This dataset contains designed target-binder protein complexes generated with BindCraft. Each row in metadata.csv corresponds to one designed two-chain target-binder complex and links the design metadata, benchmark split assignment, interface-cluster assignment, ProteinMPNN binder variant information, and associated structure files. For each design, the release includes the bound target-binder complex structure as well as predicted apo structures for the target and binder.

The dataset is intended for machine-learning studies of designed protein-protein interactions, including model training, validation, and benchmark evaluation.

Files

The dataset is indexed by a single metadata.csv file. Benchmark partitions are encoded in the split column. Structure paths are provided directly in the metadata table.

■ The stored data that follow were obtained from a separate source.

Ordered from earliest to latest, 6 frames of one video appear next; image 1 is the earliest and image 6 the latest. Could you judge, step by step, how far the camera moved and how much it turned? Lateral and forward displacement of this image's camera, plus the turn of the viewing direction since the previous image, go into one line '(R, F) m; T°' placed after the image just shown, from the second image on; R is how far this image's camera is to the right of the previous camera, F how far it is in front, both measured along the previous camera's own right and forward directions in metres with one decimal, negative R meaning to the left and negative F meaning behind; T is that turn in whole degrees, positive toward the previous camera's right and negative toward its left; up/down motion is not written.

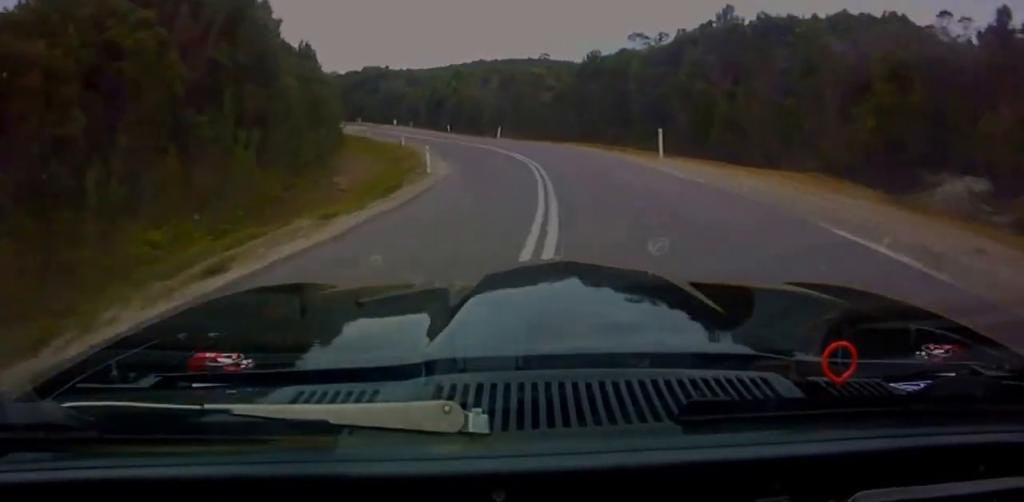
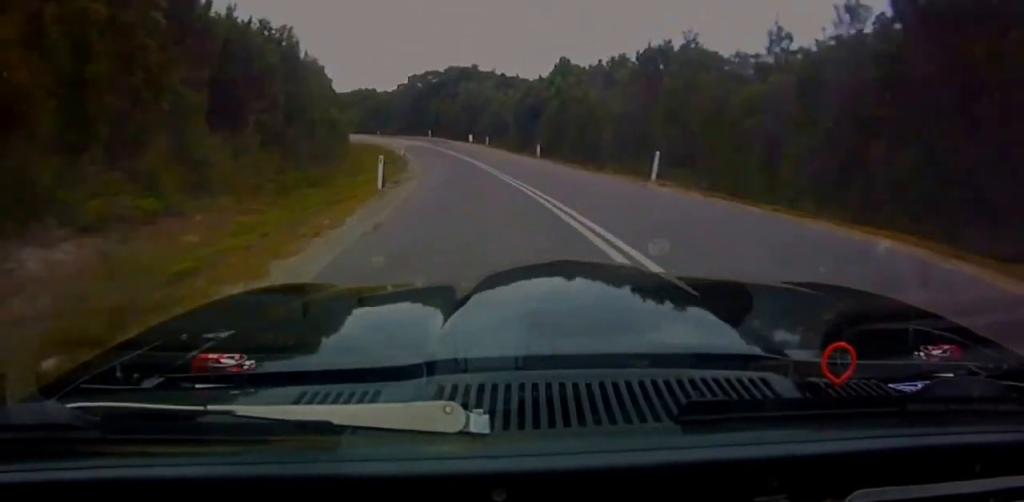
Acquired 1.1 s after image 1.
(-3.1, +36.9) m; -11°
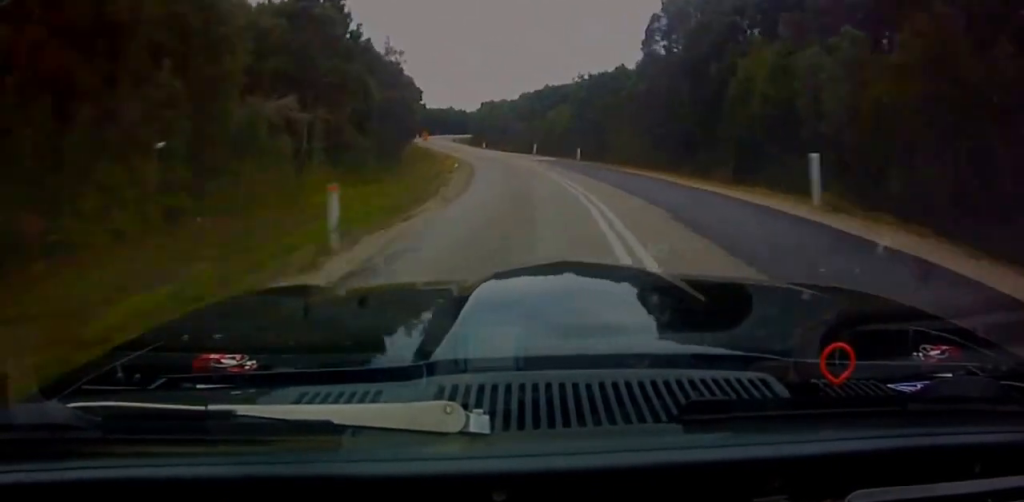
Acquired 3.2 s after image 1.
(-15.1, +80.2) m; -20°
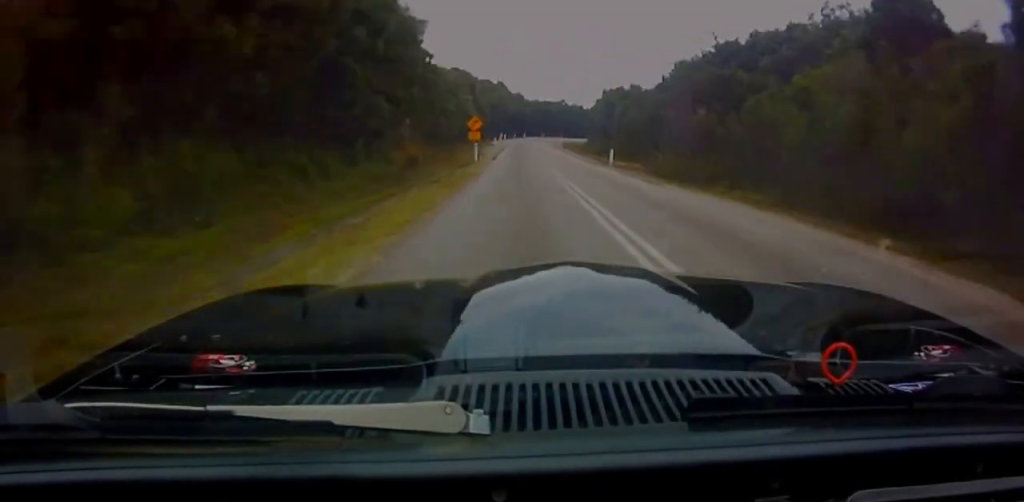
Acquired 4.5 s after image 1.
(-4.3, +55.9) m; -6°
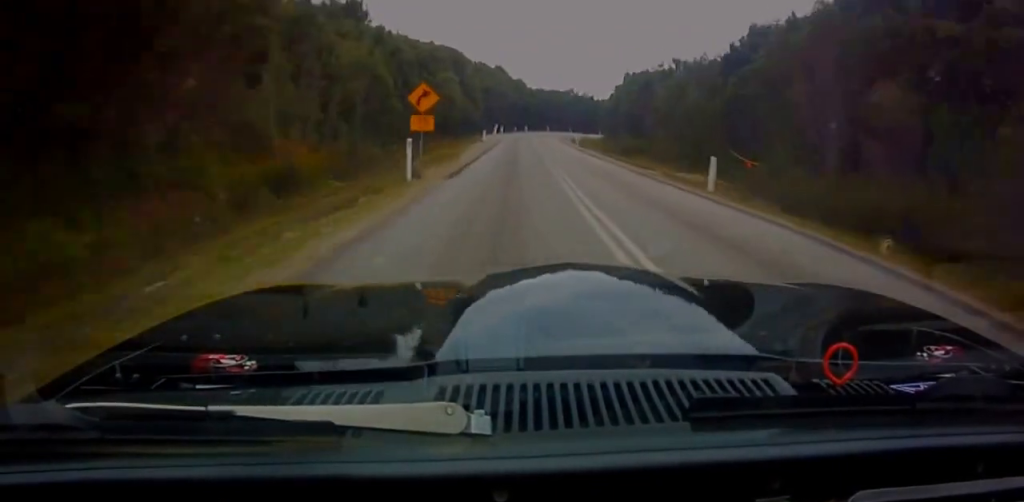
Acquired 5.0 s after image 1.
(-0.2, +19.9) m; 0°
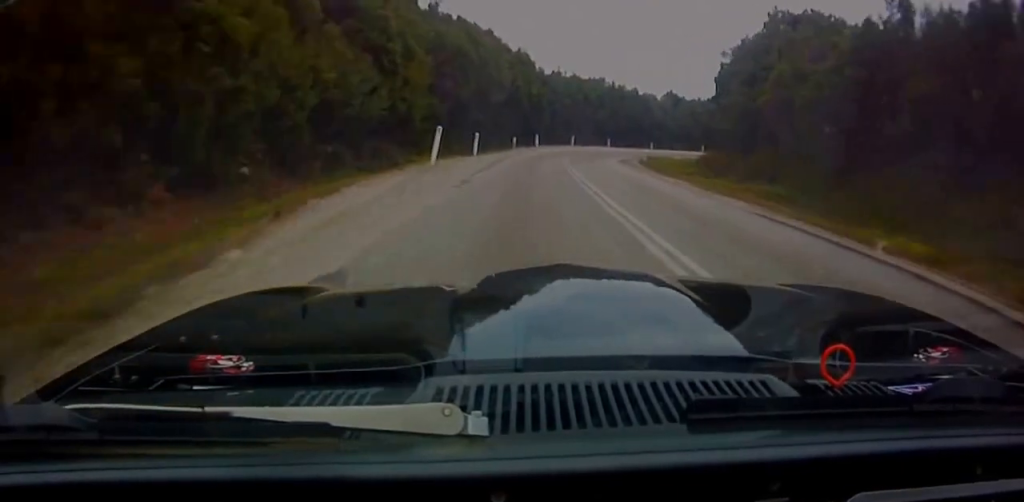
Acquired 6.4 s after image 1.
(+0.7, +50.2) m; +6°

The released complex structures are full target-binder complex models in a superimposed coordinate frame. The relative path to each structure is given in the target_binder_complex_pdb_path column. Predicted apo structures for the target and binder are provided under target_alone_pdb_path and binder_alone_pdb_path.

Repository organization:

.
├── README.md
├── metadata.csv
└── structures/
    ├── [target_name_1].tar.gz
    ├── [target_name_2].tar.gz
    └── ...

Each archive contains the structure files for one target:

[target_name].tar.gz
└── [target_domain]/
    ├── [design_name].pdb
    ├── [design_name]_binder_alone.pdb
    └── [design_name]_full_target_structure.pdb

Metadata Columns

Column Description
design_name Unique identifier for the designed target-domain–binder complex.
target_domain Target domain or subdomain used for design.
target_name Name or identifier of the full target.
design_seed Integer design seed used to generate the binder.
mpnn_variant ProteinMPNN variant index for the same design seed.
split Split assignment: train, validation, test, or deleaked.
paired_interface_cluster_id Paired target-side/binder-side interface cluster identifier used for leakage-controlled splitting.
cluster_member_type Cluster membership annotation for the validation and test splits. cluster_rep denotes the randomly selected representative used for one-per-cluster validation/test evaluation; cluster_member denotes other members of the same cluster.
structure_archive Relative path to the target-level tar.gz archive containing the structure files.
target_binder_complex_pdb_path Path inside the archive to the superimposed target-domain–binder complex PDB file.
binder_alone_pdb_path Path inside the archive to the binder-only PDB file.
target_alone_pdb_path Path inside the archive to the target-only PDB file.

Dataset Splits

The dataset provides predefined train, validation, and test partitions. Complexes removed during leakage control are annotated as deleaked and are not part of the usable benchmark.

Split Complexes Share
train 233,170 76.16%
validation 21,260 6.94%
test 19,777 6.46%
deleaked 31,939 10.43%
total 306,146 100.00%
usable benchmark 274,207 89.57%

The usable benchmark consists of the train, validation, and test partitions only.

Split Construction

Leakage was defined at the level of structural interface similarity, rather than by target identity, binder identity, sequence identity, or design metadata alone. This is important because designed complexes can share related binding epitopes or recurrent interface geometries even when their identifiers or sequences differ.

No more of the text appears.